Umeå University, Umeå, Sweden.
2014 (English)In: Ecology and Evolution, E-ISSN 2045-7758, Vol. 4, no 21, p. 4173-4184Article in journal (Refereed) Published
Abstract [en]

Riparian zones support some of the most dynamic and species-rich plant communities in cold regions. A common conception among plant ecologists is that flooding during the season when plants are dormant generally has little effect on the survival and production of riparian vegetation. We show that winter floods may also be of fundamental importance for the composition of riverine vegetation. We investigated the effects of ice formation on riparian and in-stream vegetation in northern Sweden using a combination of experiments and observations in 25 reaches, spanning a gradient from ice-free to ice-rich reaches.

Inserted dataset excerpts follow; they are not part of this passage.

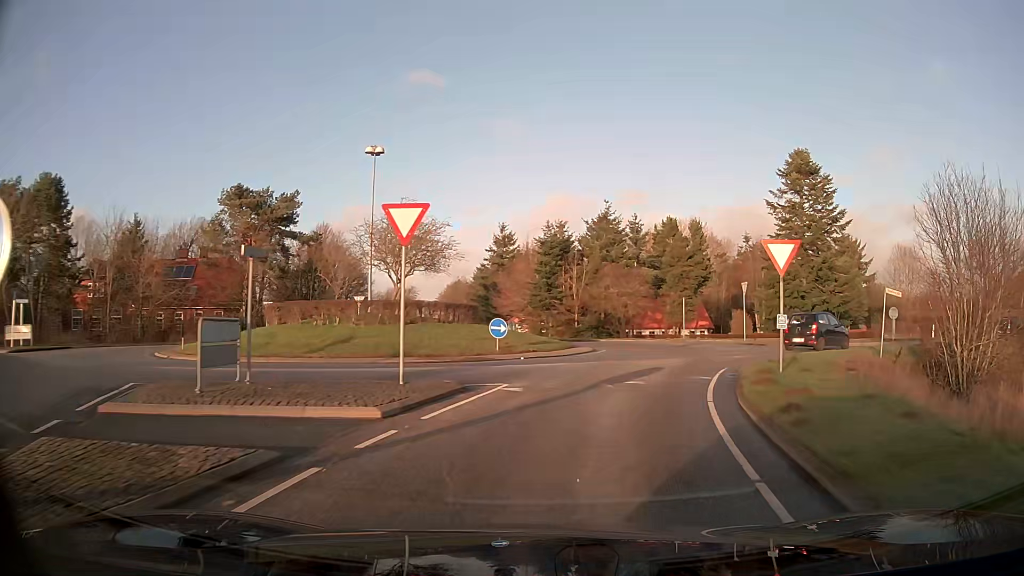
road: tertiary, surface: asphalt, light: Day
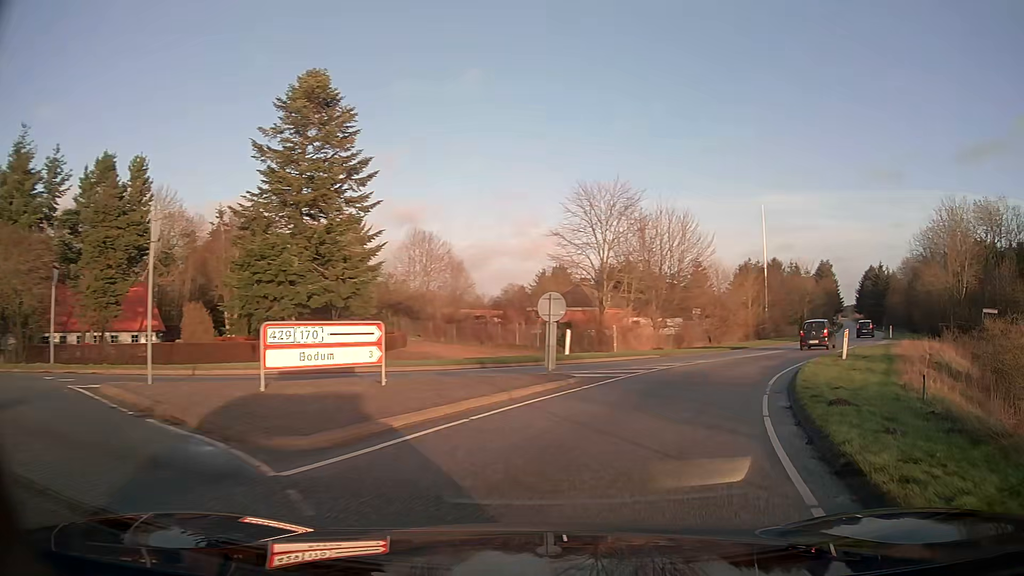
(+7.5, +23.6) m; +43°
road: secondary
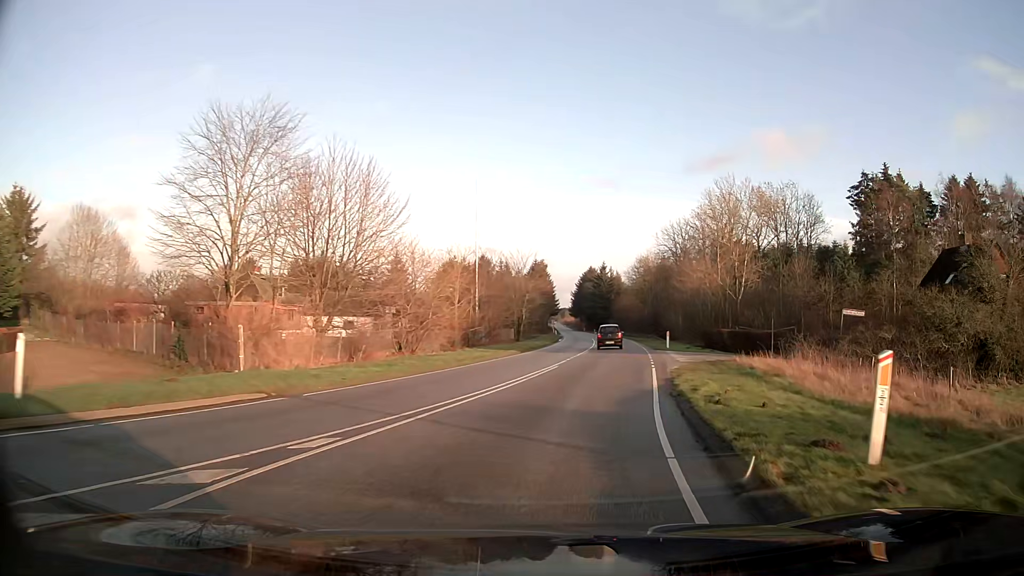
(+4.5, +16.8) m; +26°
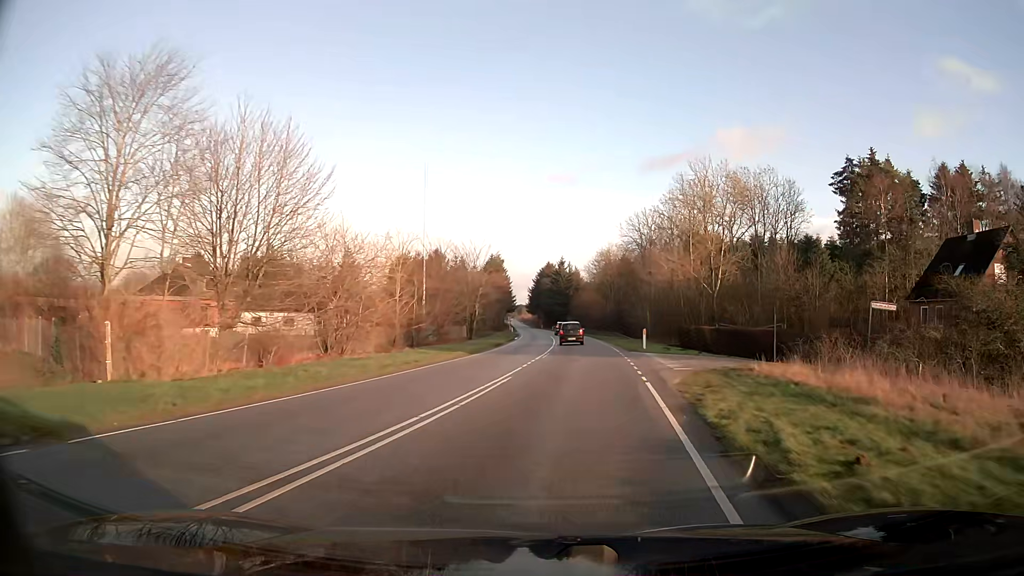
(+0.3, +6.9) m; +4°
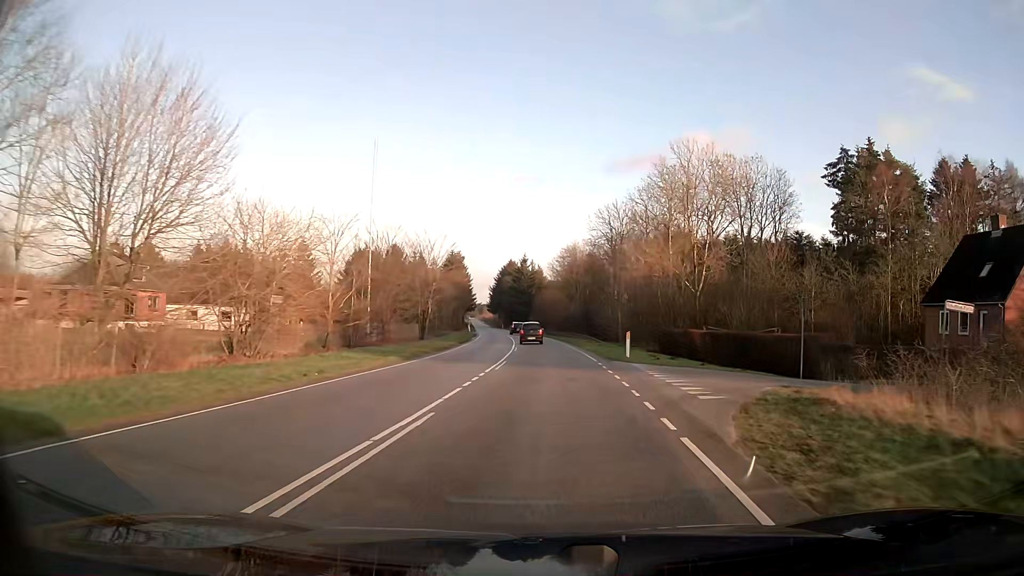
(+0.2, +7.4) m; +3°
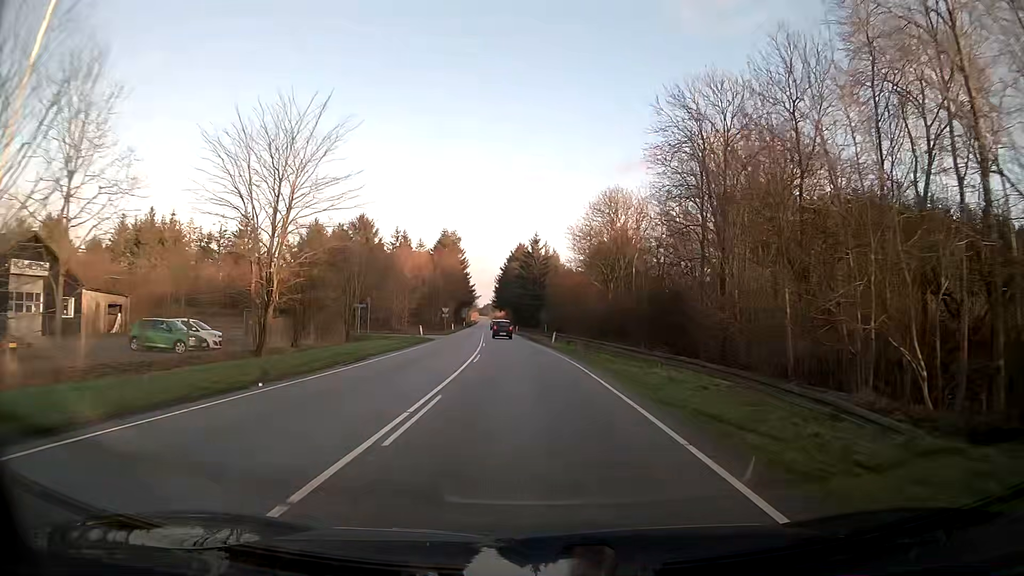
(+0.7, +44.1) m; -1°
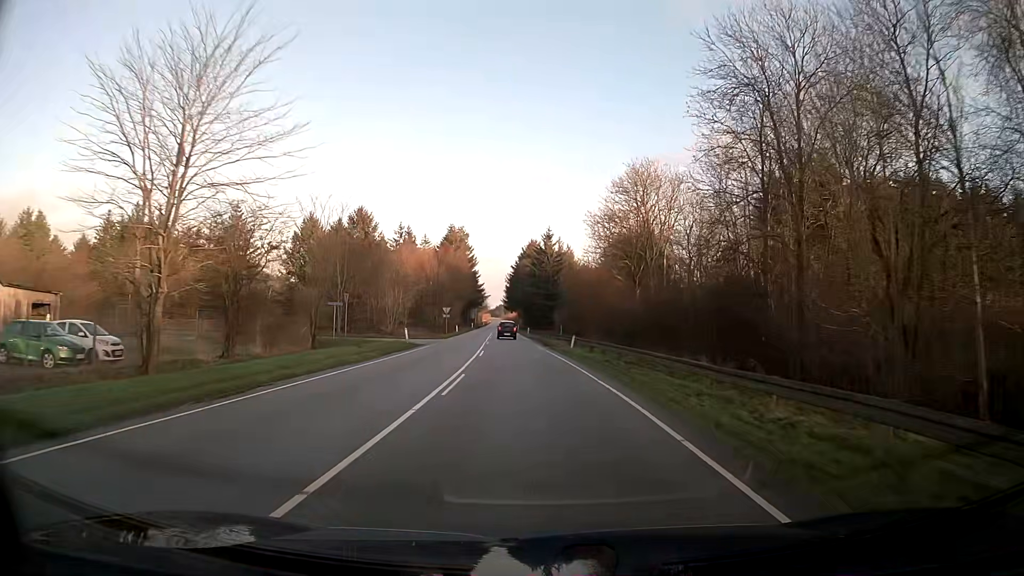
(-0.1, +10.1) m; -1°
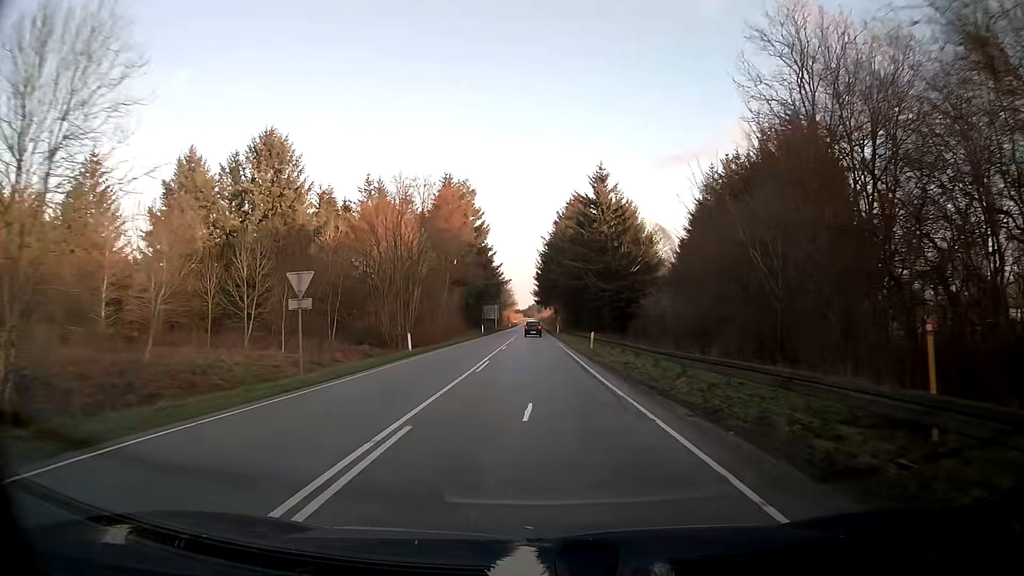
(-2.2, +54.7) m; -3°
(0, +10) (0, +20) (0, +30) (0, +40) (0, +50) (0, +60) (0, +70) (-1, +80) (-1, +90) (-1, +100) m

The ice-rich reaches were characterized by high production of frazil and anchor ice. In a couple of experiments, we exposed riparian vegetation to experimentally induced winter flooding, which reduced the dominant dwarf-shrub cover and led to colonization of a species-rich forb-dominated vegetation. In another experiment, natural winter floods caused by anchor-ice formation removed plant mimics both in the in-stream and in the riparian zone, further supporting the result that anchor ice maintains dynamic plant communities. With a warmer winter climate, ice-induced winter floods may first increase in frequency because of more frequent shifts between freezing and thawing during winter, but further warming and shortening of the winter might make them less common than today. If ice-induced winter floods become reduced in number because of a warming climate, an important disturbance agent for riparian and in-stream vegetation will be removed, leading to reduced species richness in streams and rivers in cold regions. Given that such regions are expected to have more plant species in the future because of immigration from the south, the distribution of species richness among habitats can be expected to show novel patterns.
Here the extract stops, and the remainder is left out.